Source records
- - -

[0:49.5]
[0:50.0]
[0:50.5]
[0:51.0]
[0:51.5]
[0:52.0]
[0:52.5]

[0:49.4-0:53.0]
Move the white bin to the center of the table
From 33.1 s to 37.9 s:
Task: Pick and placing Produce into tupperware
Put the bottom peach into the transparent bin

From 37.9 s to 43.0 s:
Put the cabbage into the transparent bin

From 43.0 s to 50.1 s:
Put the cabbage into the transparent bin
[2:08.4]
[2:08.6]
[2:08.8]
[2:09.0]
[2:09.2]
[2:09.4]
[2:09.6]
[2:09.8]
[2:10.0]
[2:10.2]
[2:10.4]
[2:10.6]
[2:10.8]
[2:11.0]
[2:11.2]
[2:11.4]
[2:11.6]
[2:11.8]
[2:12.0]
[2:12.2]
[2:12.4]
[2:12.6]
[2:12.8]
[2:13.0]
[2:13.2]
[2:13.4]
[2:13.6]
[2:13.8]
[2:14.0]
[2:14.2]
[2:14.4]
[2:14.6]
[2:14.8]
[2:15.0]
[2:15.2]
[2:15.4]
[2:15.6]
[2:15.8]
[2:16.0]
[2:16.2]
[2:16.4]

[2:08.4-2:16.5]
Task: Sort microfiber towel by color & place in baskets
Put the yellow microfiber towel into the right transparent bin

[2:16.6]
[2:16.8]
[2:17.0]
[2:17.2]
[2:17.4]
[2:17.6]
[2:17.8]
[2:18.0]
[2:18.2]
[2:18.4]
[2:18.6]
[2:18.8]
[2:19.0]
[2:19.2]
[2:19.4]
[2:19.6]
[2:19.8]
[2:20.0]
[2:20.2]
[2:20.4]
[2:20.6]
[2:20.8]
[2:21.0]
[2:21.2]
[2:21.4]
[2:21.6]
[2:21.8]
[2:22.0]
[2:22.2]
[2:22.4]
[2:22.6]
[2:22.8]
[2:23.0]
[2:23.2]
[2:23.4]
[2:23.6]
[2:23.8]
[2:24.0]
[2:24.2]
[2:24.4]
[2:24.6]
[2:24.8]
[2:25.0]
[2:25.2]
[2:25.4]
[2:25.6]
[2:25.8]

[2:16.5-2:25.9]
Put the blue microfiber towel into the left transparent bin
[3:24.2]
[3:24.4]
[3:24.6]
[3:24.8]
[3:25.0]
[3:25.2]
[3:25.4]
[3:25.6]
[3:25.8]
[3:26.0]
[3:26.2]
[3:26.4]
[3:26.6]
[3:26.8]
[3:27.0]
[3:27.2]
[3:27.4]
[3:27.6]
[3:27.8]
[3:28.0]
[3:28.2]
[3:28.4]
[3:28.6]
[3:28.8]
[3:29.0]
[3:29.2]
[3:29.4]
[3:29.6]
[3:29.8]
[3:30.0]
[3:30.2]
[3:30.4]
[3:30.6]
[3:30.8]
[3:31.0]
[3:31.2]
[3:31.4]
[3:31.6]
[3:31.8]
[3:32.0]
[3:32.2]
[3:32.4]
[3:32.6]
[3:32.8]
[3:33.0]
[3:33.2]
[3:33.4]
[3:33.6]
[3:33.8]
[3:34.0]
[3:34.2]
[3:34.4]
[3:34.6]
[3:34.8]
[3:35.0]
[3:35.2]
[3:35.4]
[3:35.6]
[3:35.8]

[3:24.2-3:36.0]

- - -

ASSIGNMENT: Above are some records; repeat all of them exactly.

SOLUTION FOR THIS TASK:
[0:49.5]
[0:50.0]
[0:50.5]
[0:51.0]
[0:51.5]
[0:52.0]
[0:52.5]

[0:49.4-0:53.0]
Move the white bin to the center of the table
From 33.1 s to 37.9 s:
Task: Pick and placing Produce into tupperware
Put the bottom peach into the transparent bin

From 37.9 s to 43.0 s:
Put the cabbage into the transparent bin

From 43.0 s to 50.1 s:
Put the cabbage into the transparent bin
[2:08.4]
[2:08.6]
[2:08.8]
[2:09.0]
[2:09.2]
[2:09.4]
[2:09.6]
[2:09.8]
[2:10.0]
[2:10.2]
[2:10.4]
[2:10.6]
[2:10.8]
[2:11.0]
[2:11.2]
[2:11.4]
[2:11.6]
[2:11.8]
[2:12.0]
[2:12.2]
[2:12.4]
[2:12.6]
[2:12.8]
[2:13.0]
[2:13.2]
[2:13.4]
[2:13.6]
[2:13.8]
[2:14.0]
[2:14.2]
[2:14.4]
[2:14.6]
[2:14.8]
[2:15.0]
[2:15.2]
[2:15.4]
[2:15.6]
[2:15.8]
[2:16.0]
[2:16.2]
[2:16.4]

[2:08.4-2:16.5]
Task: Sort microfiber towel by color & place in baskets
Put the yellow microfiber towel into the right transparent bin

[2:16.6]
[2:16.8]
[2:17.0]
[2:17.2]
[2:17.4]
[2:17.6]
[2:17.8]
[2:18.0]
[2:18.2]
[2:18.4]
[2:18.6]
[2:18.8]
[2:19.0]
[2:19.2]
[2:19.4]
[2:19.6]
[2:19.8]
[2:20.0]
[2:20.2]
[2:20.4]
[2:20.6]
[2:20.8]
[2:21.0]
[2:21.2]
[2:21.4]
[2:21.6]
[2:21.8]
[2:22.0]
[2:22.2]
[2:22.4]
[2:22.6]
[2:22.8]
[2:23.0]
[2:23.2]
[2:23.4]
[2:23.6]
[2:23.8]
[2:24.0]
[2:24.2]
[2:24.4]
[2:24.6]
[2:24.8]
[2:25.0]
[2:25.2]
[2:25.4]
[2:25.6]
[2:25.8]

[2:16.5-2:25.9]
Put the blue microfiber towel into the left transparent bin
[3:24.2]
[3:24.4]
[3:24.6]
[3:24.8]
[3:25.0]
[3:25.2]
[3:25.4]
[3:25.6]
[3:25.8]
[3:26.0]
[3:26.2]
[3:26.4]
[3:26.6]
[3:26.8]
[3:27.0]
[3:27.2]
[3:27.4]
[3:27.6]
[3:27.8]
[3:28.0]
[3:28.2]
[3:28.4]
[3:28.6]
[3:28.8]
[3:29.0]
[3:29.2]
[3:29.4]
[3:29.6]
[3:29.8]
[3:30.0]
[3:30.2]
[3:30.4]
[3:30.6]
[3:30.8]
[3:31.0]
[3:31.2]
[3:31.4]
[3:31.6]
[3:31.8]
[3:32.0]
[3:32.2]
[3:32.4]
[3:32.6]
[3:32.8]
[3:33.0]
[3:33.2]
[3:33.4]
[3:33.6]
[3:33.8]
[3:34.0]
[3:34.2]
[3:34.4]
[3:34.6]
[3:34.8]
[3:35.0]
[3:35.2]
[3:35.4]
[3:35.6]
[3:35.8]

[3:24.2-3:36.0]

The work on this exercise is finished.